If you enjoy background noise, just go for some web radio, there are tens of thousands of channels, many ad free. When you hear an artist you like there's a good chance they're on Bandcamp so you go there and give them ten bucks. Try Transistor in F-Droid for example.
Unless, of course, you support the politics Spotify represent. Then your monthly fee is a more direct donation than going through a political party that will then use state bureaucracy and so on to funnel money and power from work to owners.
This is no different to working for a salary and not getting equity. And being a star has always been more about exposure than talent.
It's a shame for the real artists trying to write bland crap though. But the fault is with listeners. And let's face it, most musicians are probably only doing it hoping to one day become a star and get loaded... which is why there's so much competition.
All we can really say is Spotify etc and powerful DAWs have broken down barriers to being able to make and release music, which should be a good thing shouldn't it?
But yeah, Spotify stuffing playlists with their choices instead of popular music sounds bad... except only playing popular music would only reward the early birds on the platforms, so that's a tricky one too...
Have you ever bought a CD in the days of CDs because you heard a song or two from the album on the radio and found that only those that you'd already heard were any good? Hair metal was particularly rife with this. Flower power stuff from the 60s stands out, mostly utter hot garbage, you can find entire mixes of the low quality knockoff crap getting sold at night on PBS. There are people that have every motley crue album (and not just the first 2 like more cultured people such as myself), and listen to them regularly. There has always been a massive market for low quality garbage.

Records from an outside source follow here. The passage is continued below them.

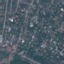
Label: Residential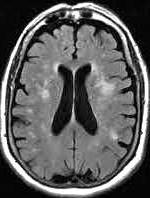
Label: notumor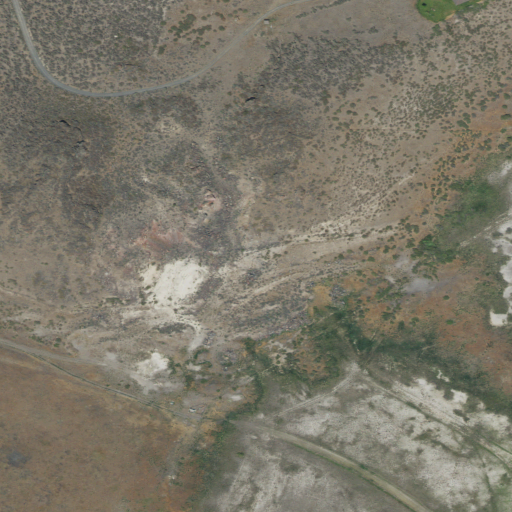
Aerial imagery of island in California named Otey Island containing herbaceous wetlands, shrub, woody wetlands, pasture, and barren land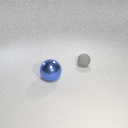
small gray rubber sphere to the right of large blue metal sphere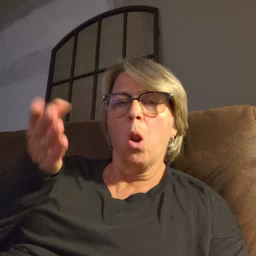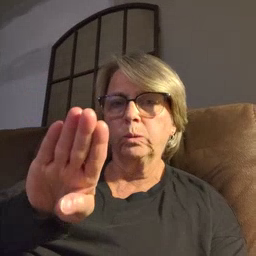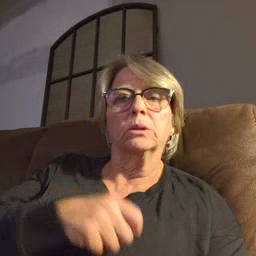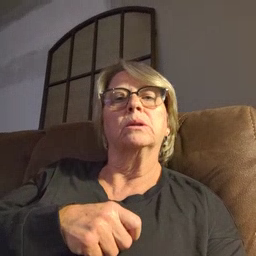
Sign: close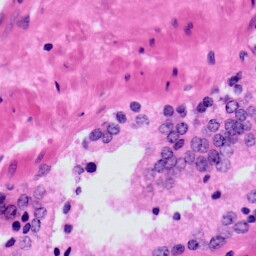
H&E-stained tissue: Prostate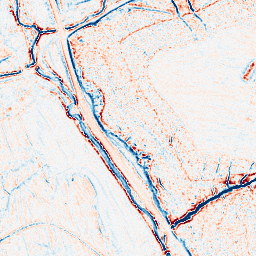
Category: multiscale
Decomposition family: dog_multiscale
Decomposition parameters: sigma_ratio: 1.4
n_scales: 3
base_sigma: 0.5
Upsampling method: edge_directed
Upsampling parameters: scale: 2
Upsampling scale: 2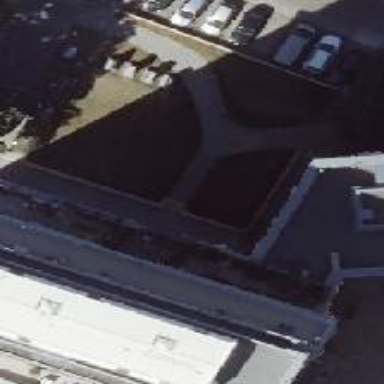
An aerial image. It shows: Building with flat grey roof.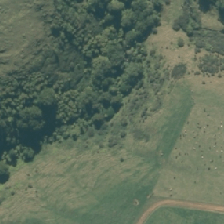
Land cover: indigenous_forest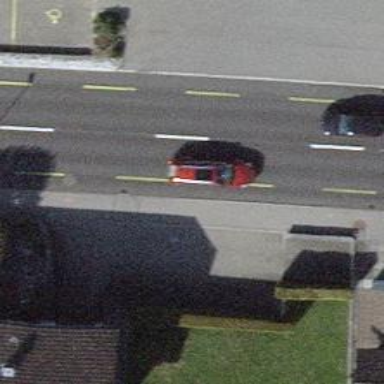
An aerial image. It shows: Asphalt road with primary highway designation. There are sidewalks on both sides and designated cycle lane.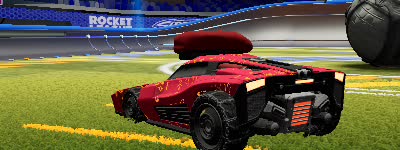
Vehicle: breakout

Radio stations used to get paid to put crap in rotation. Anyone remember Limp Bizkit? They got famous by buying slots on Seattle radio stations. Who didn't grow out of that garbage? A lot of people, unfortunately.

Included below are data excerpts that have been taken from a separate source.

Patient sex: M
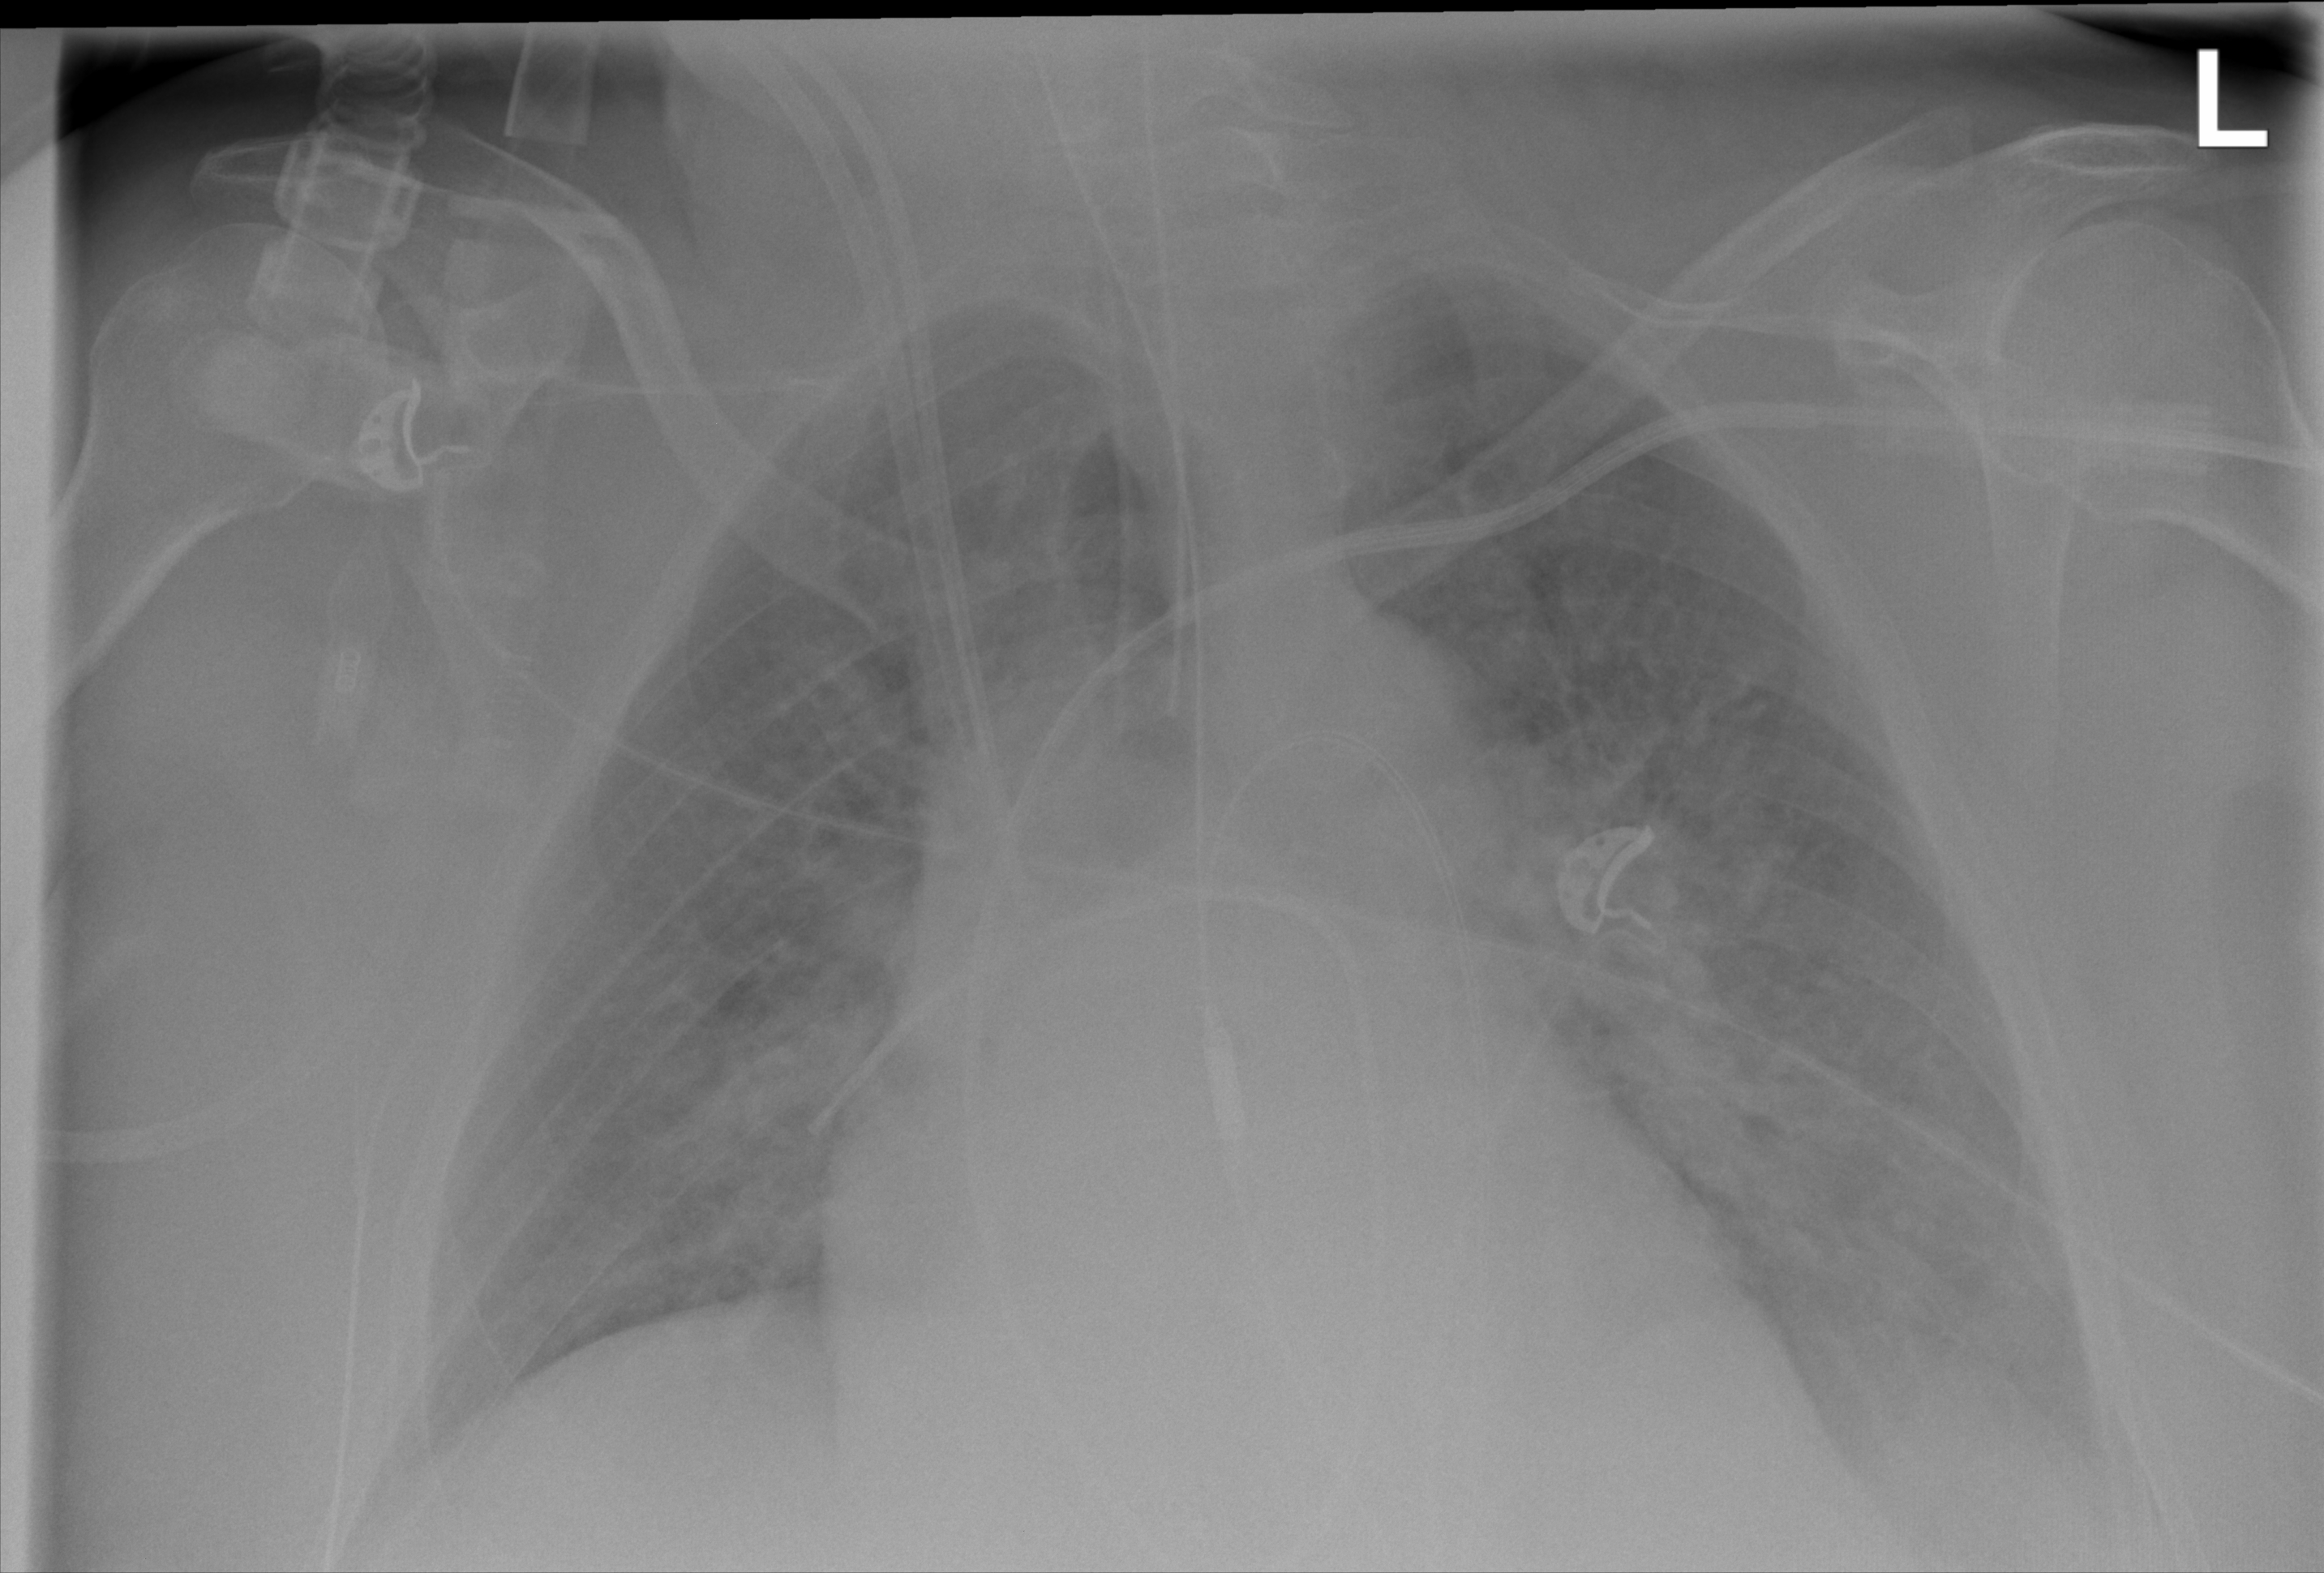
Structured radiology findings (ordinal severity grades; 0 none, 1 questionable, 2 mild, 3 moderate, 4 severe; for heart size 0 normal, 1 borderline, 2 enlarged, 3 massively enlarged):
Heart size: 2
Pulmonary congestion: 2
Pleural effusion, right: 1
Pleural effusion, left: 2
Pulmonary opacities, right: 2
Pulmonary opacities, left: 2
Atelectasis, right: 2
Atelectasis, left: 2

You've got playlists, played by lazy people that don't care about anything but the mood or vibe, that they didn't curate, going on in the background while they ride the elevator and youre surprised that it's elevator music? How often do you hear billboard top 100 hits while on hold with the cable company? Complain when someone tries to play one of those tracks and a cover band plays instead, that's when someone is getting screwed over.

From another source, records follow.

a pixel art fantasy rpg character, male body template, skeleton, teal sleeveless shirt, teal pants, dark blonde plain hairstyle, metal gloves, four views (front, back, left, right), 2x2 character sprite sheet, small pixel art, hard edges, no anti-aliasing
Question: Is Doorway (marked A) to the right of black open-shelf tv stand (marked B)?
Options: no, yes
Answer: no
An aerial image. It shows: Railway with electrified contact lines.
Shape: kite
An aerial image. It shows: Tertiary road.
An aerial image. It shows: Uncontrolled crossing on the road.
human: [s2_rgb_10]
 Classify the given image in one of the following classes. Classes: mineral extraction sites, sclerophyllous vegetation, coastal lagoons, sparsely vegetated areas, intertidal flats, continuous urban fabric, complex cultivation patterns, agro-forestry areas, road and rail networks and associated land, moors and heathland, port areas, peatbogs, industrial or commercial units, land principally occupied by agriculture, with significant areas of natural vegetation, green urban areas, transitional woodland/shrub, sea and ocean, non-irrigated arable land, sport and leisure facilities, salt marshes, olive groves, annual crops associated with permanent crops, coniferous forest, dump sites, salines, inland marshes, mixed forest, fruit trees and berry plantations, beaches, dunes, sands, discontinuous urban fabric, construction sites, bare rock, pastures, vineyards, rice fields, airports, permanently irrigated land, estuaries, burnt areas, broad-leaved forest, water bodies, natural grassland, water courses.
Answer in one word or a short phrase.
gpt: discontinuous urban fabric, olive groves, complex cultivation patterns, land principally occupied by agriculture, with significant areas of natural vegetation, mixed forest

Subscription services have always been and will always be a race to the bottom. Quality art has always had to be manually curated by the enjoyer. The best stuff has always been hidden behind the stuff people were trying to sell you. People looking to squeeze out an extra buck were always willing to sell lower quality to those who would tolerate it. So if you don't want low quality crap in your life, take the time to pick what's in your life and pay fairly for it. There was never going to be a miracle cure to the downfall of the music industry for the low low price of ten dollars a month.
I know that artists often just treat digital download sales as a donation mechanism, akin to a busker’s money can. But I want to pay for music, not donate to artists who are then handing that along to streaming services by giving them their music practically for free.
I’m not sure if my feelings about this are justified, or if they’re irrational.